Entrevista al menos a tres. Pregunta por su experiencia. Pregunta por la estrategia de marketing. Preguntar por la frecuencia de comunicación. ¿Utilizan fotografía profesional? ¿Organizan la casa?
Consultar referencias. Llame a clientes anteriores. Preguntar sobre los problemas. ¿El agente los resolvió?
Busque especialización. Algunos agentes se centran en casas de lujo. Otros sobre compradores primerizos. O condominios. O personas que necesitan reparaciones. Haga coincidir su nicho con su propiedad.
Verificar credenciales. ¿Tienen licencia? ¿Alguna acción disciplinaria? Busque en el sitio web de la comisión de bienes raíces de su estado.
Considere la tasa de comisión. Es negociable. No acepte simplemente el primer número. Compare agentes de servicio completo con corredores de descuento. Sopese los pros y los contras.
Confía en tu instinto. Trabajará en estrecha colaboración con esta persona. Si algo se siente mal, sigue buscando.
El agente adecuado facilita la venta. El equivocado lo alarga.
Elige con cuidado.
Elija un agente con designación de la Asociación Nacional de Agentes Inmobiliarios (NAR). Suena como un detalle menor hasta que necesitas a alguien que realmente siga un código de ética. ¿Tu mejor apuesta? Pregúntele a amigos que realmente hayan vendido casas. Observe qué tan rápido se mueven los listados en su código postal específico. Un agente que vive y respira en su vecindario conoce el mercado. Pueden decirle si los precios se están inflando o si los compradores están saliendo del rescate.
Sáltate la jornada de puertas abiertas por un segundo. Vaya allí para conocer al agente en persona. Previsualícelos. Mira cómo hablan con extraños. Vea cómo manejan a la multitud.
Encontraste a alguien. Ahora. No firmes nada. Trate la entrevista como una entrevista de trabajo. Estás contratando un socio. Deberían estar haciéndote preguntas a tú. Deben mostrar interés en su situación específica, no simplemente impulsar un modelo.
Esto es lo que necesita profundizar durante esa reunión:
Métricas clave para exigir
¿Cuál es su relación entre precio de lista y precio de venta? Este número le indica si realmente pueden vender su casa cerca de lo que desea. Compara el precio de cotización original con el precio de cierre final. Un buen agente ronda el 100 por ciento. Si constantemente caen por debajo del 95 por ciento, es posible que estén prometiendo demasiado y no cumpliendo lo suficiente.
¿Cuántas casas vendieron el año pasado? El volumen importa. Muestra actividad.
¿Cómo comercializarán la casa? ¿Correo directo? ¿Volantes? ¿Listados en línea? Si simplemente dicen “Lo pondré en la MLS”, profundice más.
¿Están familiarizados con tu calle? Si dudan, corre.
¿Qué los hace diferentes? Aquí es donde se separan los tiburones de las ovejas.
Referencias y políticas
¿Pueden proporcionar referencias? Llámalos. Pregúntele a los vendedores anteriores. ¿Se prolongó el proceso? ¿El agente los engañó?
¿Te ayudarán a encontrar otros profesionales? Quizás necesites un escenario. Un contratista para reparaciones de última hora. Un motor. Un buen agente tiene un Rolodex.

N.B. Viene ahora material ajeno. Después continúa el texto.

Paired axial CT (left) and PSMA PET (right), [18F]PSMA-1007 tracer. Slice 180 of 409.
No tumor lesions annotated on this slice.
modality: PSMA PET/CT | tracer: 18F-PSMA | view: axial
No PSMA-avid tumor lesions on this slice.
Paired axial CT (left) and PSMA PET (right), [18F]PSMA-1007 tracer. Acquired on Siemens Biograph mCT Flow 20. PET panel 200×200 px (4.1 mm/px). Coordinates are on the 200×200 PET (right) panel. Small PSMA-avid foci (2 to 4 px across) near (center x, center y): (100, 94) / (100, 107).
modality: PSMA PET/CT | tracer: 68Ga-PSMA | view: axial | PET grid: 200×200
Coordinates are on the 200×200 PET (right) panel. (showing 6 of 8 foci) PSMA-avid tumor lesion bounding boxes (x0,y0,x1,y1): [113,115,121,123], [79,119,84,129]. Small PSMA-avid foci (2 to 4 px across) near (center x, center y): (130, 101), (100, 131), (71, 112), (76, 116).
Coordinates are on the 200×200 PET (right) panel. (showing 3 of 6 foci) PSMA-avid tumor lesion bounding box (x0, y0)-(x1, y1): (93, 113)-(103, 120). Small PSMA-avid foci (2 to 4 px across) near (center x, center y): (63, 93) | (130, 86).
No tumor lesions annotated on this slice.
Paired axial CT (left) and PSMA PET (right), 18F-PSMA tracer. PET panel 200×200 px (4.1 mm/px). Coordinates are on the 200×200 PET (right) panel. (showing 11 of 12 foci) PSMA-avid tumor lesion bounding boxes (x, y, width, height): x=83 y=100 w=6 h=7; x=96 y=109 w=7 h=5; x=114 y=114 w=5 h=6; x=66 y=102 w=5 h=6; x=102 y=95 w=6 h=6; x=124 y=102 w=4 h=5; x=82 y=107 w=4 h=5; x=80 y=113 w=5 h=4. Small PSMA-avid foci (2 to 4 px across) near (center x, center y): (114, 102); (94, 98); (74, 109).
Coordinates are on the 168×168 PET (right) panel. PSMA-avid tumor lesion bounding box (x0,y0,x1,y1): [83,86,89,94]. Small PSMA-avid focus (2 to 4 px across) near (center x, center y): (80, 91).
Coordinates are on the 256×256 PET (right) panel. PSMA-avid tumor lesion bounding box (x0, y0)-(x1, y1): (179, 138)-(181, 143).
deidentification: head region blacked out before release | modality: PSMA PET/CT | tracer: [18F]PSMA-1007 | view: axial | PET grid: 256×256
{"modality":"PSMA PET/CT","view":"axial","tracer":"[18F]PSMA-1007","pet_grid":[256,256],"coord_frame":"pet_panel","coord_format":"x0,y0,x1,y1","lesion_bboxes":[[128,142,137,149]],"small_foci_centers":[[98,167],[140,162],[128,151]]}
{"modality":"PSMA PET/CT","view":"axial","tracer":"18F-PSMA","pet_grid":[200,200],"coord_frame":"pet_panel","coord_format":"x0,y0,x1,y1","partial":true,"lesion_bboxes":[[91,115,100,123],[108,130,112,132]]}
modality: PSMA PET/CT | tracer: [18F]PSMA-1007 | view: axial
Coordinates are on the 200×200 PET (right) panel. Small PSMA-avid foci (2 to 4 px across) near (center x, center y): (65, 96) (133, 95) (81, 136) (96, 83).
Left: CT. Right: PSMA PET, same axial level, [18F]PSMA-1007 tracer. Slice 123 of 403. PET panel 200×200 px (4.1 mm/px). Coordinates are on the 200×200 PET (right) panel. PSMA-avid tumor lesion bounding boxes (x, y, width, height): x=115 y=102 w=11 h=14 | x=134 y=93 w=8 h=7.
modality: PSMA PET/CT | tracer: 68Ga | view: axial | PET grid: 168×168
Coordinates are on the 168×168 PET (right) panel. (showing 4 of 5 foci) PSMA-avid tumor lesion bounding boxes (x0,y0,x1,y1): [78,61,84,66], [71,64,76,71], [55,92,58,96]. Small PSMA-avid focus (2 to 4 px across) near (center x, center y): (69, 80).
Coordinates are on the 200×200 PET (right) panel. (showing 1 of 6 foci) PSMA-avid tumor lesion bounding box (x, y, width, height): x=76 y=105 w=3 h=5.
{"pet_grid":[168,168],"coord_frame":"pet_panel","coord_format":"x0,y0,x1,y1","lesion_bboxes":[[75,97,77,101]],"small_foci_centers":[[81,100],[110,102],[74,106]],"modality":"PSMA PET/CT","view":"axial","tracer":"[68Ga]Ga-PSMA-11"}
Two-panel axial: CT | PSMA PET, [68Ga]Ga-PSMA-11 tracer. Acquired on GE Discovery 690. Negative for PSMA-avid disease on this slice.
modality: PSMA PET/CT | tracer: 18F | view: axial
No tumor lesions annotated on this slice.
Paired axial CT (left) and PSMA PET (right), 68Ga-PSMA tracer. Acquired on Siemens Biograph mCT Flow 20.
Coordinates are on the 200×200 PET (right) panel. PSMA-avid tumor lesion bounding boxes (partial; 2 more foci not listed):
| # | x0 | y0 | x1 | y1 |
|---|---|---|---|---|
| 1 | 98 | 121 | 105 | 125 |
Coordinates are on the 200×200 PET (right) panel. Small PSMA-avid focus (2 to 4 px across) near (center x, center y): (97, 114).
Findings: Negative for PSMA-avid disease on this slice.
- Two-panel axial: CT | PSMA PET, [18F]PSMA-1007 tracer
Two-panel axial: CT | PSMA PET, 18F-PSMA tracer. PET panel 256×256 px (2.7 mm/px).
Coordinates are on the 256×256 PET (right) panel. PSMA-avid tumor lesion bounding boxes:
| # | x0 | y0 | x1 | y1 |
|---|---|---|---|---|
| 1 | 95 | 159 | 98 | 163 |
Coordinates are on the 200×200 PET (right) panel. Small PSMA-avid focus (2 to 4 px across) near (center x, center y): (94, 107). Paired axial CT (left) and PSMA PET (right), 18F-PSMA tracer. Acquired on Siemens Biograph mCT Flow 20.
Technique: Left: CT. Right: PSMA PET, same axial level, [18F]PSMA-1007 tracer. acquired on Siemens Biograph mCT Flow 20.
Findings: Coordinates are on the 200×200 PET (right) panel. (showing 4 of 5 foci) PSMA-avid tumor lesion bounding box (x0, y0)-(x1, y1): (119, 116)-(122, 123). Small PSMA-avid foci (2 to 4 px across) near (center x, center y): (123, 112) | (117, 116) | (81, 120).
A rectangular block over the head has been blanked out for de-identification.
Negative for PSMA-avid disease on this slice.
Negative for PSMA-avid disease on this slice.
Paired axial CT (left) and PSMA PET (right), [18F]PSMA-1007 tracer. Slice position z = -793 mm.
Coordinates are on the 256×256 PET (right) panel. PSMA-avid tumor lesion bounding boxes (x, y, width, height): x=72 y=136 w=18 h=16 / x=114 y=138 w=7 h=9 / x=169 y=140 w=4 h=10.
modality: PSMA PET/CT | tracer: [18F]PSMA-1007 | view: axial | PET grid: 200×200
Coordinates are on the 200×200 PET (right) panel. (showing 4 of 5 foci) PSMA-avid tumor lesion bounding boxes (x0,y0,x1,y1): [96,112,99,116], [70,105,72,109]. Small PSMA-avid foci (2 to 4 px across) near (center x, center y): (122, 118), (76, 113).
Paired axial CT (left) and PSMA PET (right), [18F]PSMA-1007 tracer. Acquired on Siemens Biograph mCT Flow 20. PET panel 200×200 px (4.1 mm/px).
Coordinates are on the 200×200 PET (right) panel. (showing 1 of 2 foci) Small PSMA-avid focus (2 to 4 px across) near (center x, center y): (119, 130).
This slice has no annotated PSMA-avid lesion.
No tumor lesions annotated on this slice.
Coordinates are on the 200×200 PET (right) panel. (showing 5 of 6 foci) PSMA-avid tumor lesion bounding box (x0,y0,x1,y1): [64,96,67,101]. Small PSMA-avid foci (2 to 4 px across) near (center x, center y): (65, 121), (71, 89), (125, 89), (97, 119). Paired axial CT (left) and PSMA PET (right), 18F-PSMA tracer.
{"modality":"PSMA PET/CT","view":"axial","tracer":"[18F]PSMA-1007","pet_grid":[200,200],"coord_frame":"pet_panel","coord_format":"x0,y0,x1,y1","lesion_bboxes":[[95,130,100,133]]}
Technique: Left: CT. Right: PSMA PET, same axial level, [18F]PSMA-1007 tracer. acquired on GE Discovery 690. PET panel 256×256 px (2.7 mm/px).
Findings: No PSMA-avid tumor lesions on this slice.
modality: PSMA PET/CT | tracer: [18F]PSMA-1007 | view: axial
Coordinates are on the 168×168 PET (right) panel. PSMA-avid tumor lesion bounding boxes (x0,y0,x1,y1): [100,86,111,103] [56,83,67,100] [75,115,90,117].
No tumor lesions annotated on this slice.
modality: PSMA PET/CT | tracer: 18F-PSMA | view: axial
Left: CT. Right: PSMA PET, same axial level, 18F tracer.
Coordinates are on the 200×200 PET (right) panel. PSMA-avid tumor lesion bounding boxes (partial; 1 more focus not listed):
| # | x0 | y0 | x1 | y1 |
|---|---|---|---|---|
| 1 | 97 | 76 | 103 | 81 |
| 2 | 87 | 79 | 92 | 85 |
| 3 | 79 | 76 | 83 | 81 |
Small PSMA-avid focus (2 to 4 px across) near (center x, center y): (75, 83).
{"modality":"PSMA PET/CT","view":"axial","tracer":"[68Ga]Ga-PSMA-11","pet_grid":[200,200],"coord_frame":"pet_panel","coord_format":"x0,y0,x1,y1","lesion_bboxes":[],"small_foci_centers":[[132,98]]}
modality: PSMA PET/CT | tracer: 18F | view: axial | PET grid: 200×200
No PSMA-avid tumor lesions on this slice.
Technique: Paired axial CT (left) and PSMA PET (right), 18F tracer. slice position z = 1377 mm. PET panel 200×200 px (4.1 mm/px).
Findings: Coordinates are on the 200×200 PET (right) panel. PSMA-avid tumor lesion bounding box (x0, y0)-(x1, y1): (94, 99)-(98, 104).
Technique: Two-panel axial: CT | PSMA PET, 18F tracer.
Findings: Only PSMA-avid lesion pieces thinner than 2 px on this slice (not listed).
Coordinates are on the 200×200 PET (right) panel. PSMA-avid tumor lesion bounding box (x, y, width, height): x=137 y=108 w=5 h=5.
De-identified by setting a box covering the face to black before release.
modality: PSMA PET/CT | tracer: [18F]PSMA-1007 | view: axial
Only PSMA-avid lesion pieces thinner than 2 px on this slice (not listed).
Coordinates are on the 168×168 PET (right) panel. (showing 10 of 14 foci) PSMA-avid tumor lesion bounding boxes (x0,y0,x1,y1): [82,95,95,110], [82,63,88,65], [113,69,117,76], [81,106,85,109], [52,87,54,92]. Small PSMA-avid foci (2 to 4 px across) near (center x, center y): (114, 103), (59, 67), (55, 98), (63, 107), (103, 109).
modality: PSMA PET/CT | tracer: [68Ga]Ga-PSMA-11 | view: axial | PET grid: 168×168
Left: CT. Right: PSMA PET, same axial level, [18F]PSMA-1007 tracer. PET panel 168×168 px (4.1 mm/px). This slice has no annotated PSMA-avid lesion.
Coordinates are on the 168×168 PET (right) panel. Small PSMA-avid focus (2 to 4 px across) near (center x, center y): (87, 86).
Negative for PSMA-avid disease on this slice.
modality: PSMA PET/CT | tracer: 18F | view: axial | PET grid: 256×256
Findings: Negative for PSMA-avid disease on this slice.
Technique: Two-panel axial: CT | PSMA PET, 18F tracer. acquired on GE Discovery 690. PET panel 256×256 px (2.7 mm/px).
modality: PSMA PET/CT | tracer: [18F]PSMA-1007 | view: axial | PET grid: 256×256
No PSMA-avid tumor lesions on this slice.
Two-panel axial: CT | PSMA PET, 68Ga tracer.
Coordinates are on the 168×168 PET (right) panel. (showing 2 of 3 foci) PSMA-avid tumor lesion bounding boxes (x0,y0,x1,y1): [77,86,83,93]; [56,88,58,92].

¿Cuáles son sus políticas sobre acuerdos cancelados? La vida sucede. Los contratos se vuelven complicados. Necesita saber qué sucede si desconecta el enchufe.
¿Cuánto tiempo dedicarán a tu venta? Si están haciendo malabarismos con veinte listados, usted será una ocurrencia tardía. Pregunta por su disponibilidad real.
El papeleo y el dinero
Solicite la divulgación de la agencia. Solicite el acuerdo de listado. Solicite información sobre el vendedor. Léelos.
Comisiones. Los agentes podrían afirmar al principio que su tarifa es fija. Mienten. La mayoría de los agentes negocian, especialmente si va a comprar otra propiedad a través del mismo corredor. Tienes influencia. Úselo.

En venta por propietario
Olvídate del agente inmobiliario y ahorrarás en comisiones. Ese es el atractivo principal. Pero no se trata sólo de conservar dinero extra. Se trata de control. Y papeleo. Mucho papeleo.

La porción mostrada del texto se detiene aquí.